* _TO DO_
Report each line of the entries below that includes "about".
EXERCISE MATERIALS below:
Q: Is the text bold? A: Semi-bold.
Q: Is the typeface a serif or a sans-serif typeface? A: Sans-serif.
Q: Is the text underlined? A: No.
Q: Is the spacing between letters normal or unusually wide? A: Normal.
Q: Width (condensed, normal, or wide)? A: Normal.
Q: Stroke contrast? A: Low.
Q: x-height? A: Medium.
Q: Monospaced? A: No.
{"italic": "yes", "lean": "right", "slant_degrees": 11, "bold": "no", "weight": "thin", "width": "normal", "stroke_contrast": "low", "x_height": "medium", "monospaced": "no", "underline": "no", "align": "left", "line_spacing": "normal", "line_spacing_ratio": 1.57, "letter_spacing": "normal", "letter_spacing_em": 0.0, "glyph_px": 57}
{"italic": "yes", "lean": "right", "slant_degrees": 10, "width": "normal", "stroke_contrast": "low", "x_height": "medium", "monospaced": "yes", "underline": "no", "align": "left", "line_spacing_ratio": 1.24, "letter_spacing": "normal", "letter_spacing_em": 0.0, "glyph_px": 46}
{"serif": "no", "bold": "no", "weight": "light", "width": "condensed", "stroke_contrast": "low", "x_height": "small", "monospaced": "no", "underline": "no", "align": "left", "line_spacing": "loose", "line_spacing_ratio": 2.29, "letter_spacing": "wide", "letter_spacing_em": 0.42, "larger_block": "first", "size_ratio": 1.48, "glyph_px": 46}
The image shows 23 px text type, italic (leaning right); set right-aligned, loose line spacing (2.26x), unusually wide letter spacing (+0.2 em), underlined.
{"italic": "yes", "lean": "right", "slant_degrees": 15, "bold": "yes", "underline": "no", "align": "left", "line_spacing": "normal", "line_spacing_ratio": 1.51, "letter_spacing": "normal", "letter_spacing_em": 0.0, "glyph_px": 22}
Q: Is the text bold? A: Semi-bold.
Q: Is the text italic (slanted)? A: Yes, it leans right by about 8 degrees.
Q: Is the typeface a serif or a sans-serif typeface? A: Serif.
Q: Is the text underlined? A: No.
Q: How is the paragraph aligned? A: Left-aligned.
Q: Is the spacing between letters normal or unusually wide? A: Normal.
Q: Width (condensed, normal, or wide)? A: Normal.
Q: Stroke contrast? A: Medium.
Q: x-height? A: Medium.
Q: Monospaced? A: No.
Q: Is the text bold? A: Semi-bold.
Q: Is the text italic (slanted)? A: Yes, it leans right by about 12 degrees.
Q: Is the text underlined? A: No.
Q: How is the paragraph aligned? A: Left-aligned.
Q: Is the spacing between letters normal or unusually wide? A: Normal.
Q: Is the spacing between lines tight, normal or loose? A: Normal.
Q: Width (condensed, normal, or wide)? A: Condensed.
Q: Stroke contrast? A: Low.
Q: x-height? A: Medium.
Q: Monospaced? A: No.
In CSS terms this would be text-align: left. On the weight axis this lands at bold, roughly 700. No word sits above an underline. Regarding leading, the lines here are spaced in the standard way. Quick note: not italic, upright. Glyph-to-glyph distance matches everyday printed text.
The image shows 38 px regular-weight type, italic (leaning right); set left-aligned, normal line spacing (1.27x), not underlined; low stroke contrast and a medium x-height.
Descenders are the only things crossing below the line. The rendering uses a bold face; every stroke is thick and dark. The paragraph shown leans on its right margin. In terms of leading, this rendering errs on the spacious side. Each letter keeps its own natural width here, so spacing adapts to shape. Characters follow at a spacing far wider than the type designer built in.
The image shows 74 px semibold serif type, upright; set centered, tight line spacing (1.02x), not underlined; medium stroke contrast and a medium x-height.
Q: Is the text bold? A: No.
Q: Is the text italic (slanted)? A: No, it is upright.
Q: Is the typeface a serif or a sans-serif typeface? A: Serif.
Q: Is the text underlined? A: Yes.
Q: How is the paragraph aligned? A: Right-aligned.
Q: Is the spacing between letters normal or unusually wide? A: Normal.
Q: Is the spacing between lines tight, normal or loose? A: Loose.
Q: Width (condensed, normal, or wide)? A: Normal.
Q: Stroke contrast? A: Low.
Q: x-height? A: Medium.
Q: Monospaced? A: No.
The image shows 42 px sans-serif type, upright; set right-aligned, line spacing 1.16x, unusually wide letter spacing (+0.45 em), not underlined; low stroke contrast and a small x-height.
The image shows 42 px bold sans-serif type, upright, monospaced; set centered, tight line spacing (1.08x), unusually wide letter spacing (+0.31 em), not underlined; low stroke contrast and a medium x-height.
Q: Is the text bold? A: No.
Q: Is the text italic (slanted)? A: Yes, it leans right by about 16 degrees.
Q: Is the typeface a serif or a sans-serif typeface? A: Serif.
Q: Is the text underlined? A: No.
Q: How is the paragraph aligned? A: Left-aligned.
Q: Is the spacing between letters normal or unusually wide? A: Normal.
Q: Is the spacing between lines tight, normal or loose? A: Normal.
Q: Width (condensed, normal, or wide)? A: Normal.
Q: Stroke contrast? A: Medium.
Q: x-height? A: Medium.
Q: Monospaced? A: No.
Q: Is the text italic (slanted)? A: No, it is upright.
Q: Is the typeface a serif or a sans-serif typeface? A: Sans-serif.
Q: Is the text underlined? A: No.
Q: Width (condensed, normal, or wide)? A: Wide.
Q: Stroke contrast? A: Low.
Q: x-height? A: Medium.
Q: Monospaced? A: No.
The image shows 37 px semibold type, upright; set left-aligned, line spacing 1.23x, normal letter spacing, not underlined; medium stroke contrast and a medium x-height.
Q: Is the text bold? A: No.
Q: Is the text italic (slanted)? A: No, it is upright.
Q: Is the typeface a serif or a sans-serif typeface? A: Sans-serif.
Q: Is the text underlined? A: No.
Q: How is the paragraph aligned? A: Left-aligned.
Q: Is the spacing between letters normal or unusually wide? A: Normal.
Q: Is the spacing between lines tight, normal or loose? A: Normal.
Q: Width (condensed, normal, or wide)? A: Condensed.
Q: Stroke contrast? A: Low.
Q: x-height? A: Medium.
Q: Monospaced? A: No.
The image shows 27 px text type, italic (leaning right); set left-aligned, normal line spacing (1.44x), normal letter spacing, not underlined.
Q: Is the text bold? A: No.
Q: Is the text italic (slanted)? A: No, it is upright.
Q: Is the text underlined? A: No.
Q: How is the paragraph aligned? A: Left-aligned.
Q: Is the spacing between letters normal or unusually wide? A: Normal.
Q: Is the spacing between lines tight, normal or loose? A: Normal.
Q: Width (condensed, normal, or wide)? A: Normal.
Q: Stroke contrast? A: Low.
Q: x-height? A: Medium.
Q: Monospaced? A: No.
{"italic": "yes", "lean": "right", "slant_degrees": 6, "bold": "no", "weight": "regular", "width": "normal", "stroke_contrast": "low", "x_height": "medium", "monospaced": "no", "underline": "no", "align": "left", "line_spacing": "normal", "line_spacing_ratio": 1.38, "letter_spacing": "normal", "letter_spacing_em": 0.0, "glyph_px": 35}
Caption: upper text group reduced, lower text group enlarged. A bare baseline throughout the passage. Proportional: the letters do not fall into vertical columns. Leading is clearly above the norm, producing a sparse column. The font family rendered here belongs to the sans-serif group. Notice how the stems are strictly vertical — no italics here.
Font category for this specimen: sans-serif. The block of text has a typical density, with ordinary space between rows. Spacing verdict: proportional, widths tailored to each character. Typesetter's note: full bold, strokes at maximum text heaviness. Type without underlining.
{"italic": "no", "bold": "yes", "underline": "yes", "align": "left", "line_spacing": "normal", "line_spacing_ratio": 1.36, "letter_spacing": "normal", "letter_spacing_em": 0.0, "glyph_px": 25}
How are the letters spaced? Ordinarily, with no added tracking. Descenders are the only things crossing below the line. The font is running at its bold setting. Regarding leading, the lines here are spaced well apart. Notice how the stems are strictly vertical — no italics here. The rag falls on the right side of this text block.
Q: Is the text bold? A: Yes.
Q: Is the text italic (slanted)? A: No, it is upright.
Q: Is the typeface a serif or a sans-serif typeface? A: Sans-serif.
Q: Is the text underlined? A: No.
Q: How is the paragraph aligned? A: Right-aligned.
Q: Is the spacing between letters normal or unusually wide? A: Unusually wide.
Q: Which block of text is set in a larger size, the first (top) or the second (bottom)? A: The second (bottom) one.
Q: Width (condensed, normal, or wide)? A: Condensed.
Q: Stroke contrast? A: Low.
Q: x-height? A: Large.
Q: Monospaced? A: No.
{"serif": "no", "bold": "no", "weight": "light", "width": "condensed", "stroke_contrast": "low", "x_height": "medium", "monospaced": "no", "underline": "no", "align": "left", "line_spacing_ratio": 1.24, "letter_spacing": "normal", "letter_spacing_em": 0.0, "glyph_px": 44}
End of EXERCISE MATERIALS.
* _WORKED SOLUTION_
Q: Is the text italic (slanted)? A: Yes, it leans right by about 8 degrees.
Q: Is the text italic (slanted)? A: Yes, it leans right by about 12 degrees.
Q: Is the text italic (slanted)? A: Yes, it leans right by about 16 degrees.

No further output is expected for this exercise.